Cohomology and fundamental classes

Rene Thom answered this in section II of "Quelques propriétés globales des variétés différentiables." Every class $x$ in $H_r(X; \mathbb Z)$ has some integral multiple $nx$ which is the fundamental class of a submanifold, so the homology is at least rationally generated by these fundamental classes.

Section II.11 works out some specific cases: for example, every homology class of a manifold of dimension at most 8 is realizable this way, but this is not true for higher dimensional manifolds and the answer in general has to do with Steenrod operations.

This is a reply to Alon's comment, but it's too long to be a comment and is probably interesting enough to be an answer.
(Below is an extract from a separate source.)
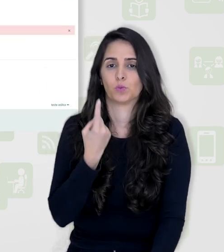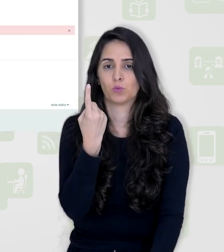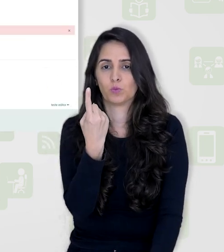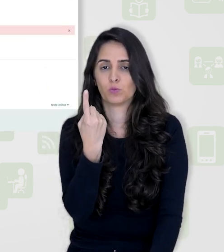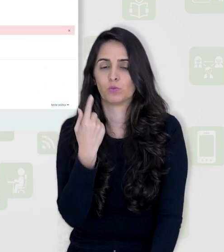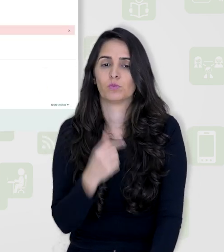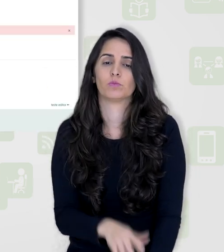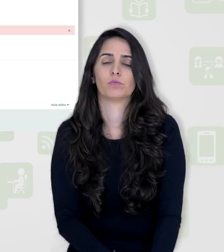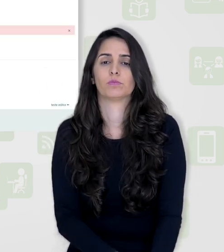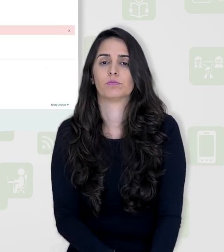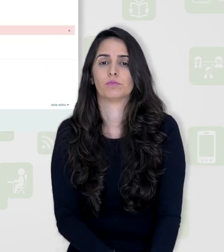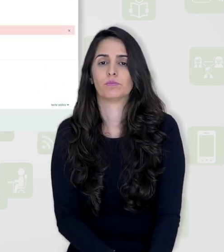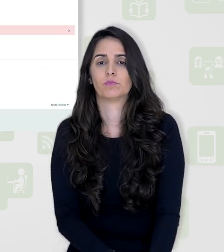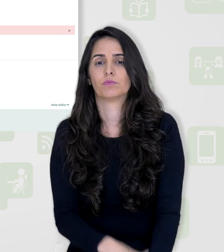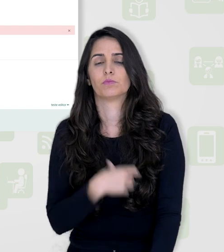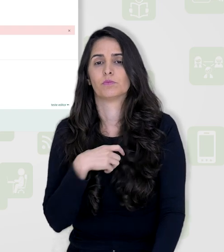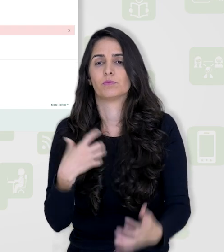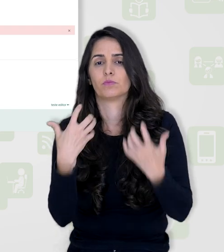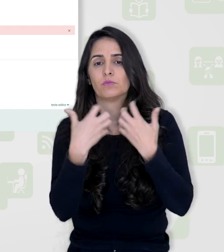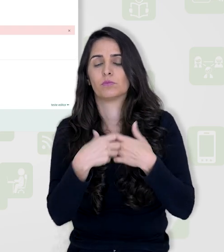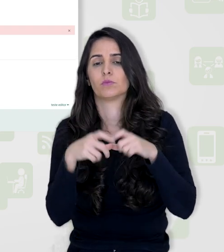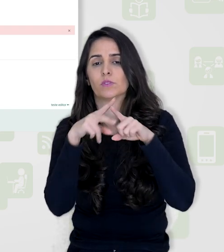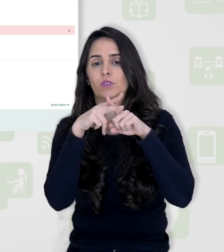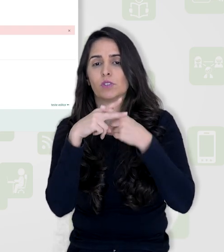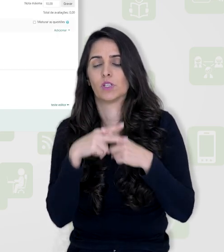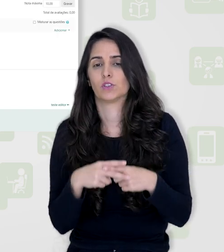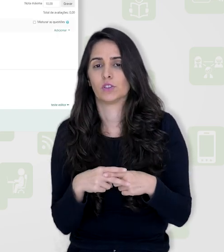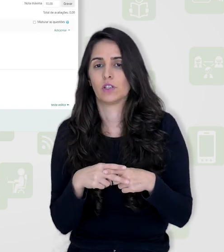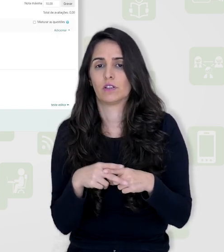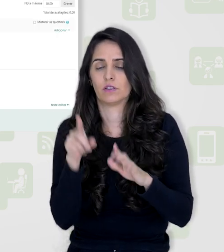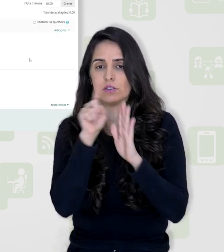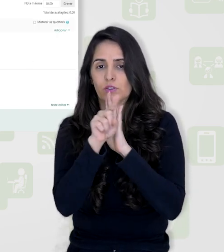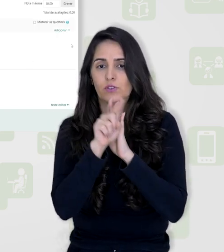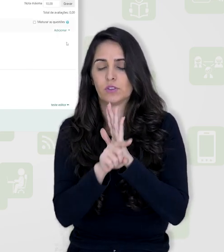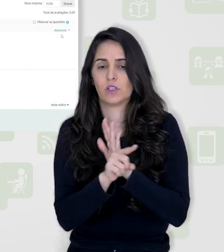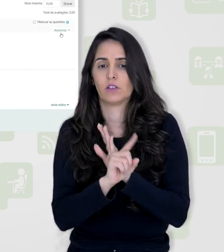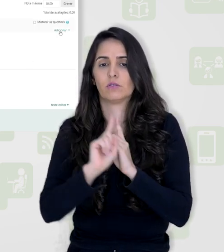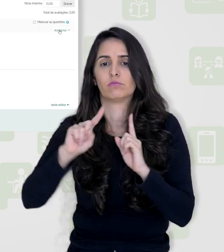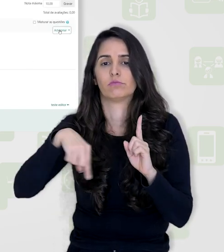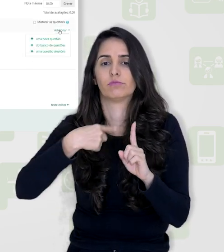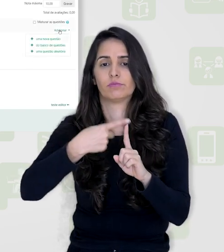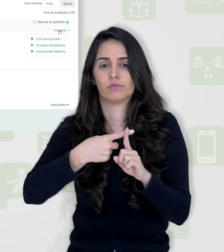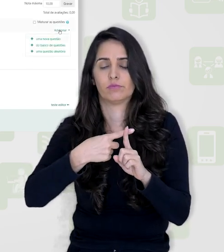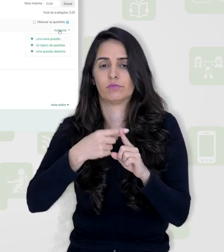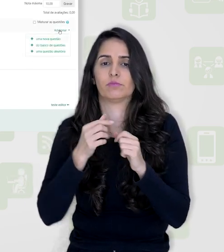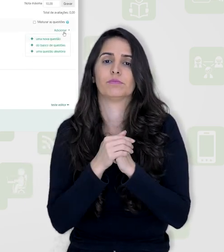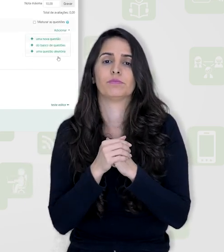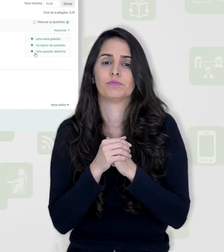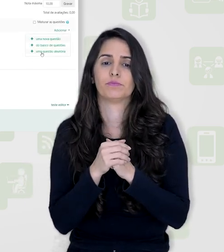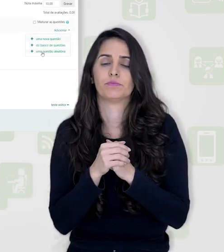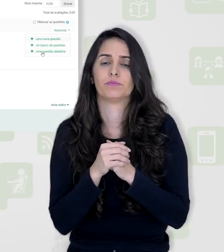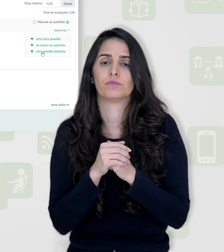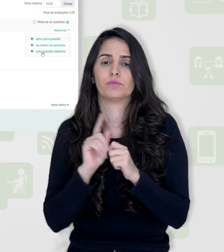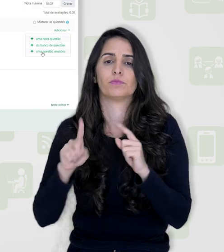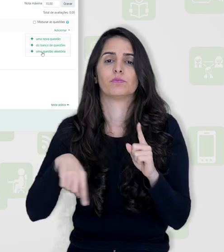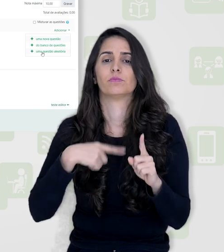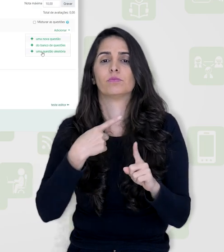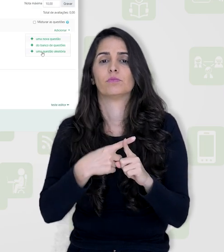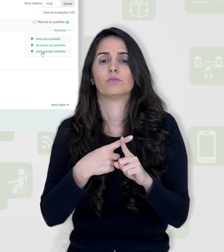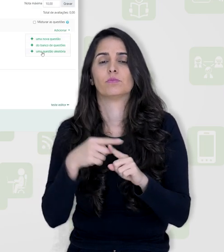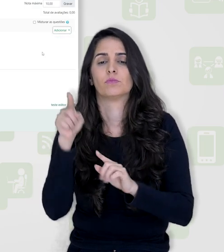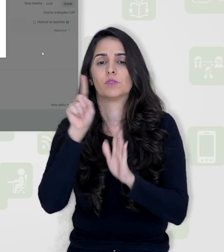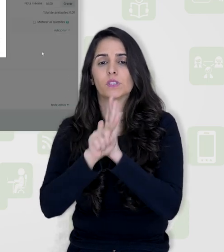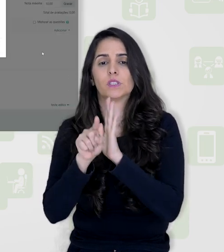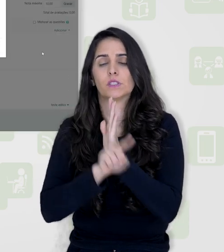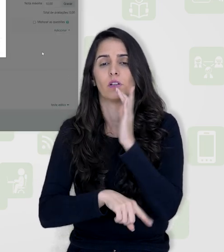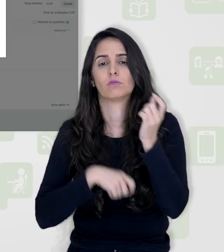1, esse outro aqui que está vazio, vou editar o questionário e vou aqui adicionar uma questão

Here's an example Thom gives of a homology class that is not realized by a submanifold: let $X=S^7/\mathbb Z_3$, with $\mathbb Z_3$ acting by rotations, and $Y=X \times X$.
Then $H^1(X;\mathbb Z_3)=H^2(X;\mathbb Z_3)=\mathbb Z_3$ (and they are related by a Bockstein); let $u$ generate $H^1$ and $v=\beta u$ be the corresponding generator of $H^2$. Then it can be shown that the class $u \otimes vu^2 - v \otimes u^3 \in H^7(Y;Z_3)$ is actually integral (i.e., in $H^7(Y;Z)$), and its Poincare dual in $H_7$ cannot be realized by a submanifold (in fact, it can't be realized by any map from a closed manifold to $Y$, which need not be the inclusion of a submanifold). This is a natural example to consider because the first obstruction to classes being realized by submanifolds comes from a mod 3 Steenrod operation, and these are easy to compute on $Y$ because $X$ is the 7-skeleton of a $K(\mathbb Z_3,1)$. Note that the class in question is 3-torsion, so trivially 3 times it is realized by a submanifold.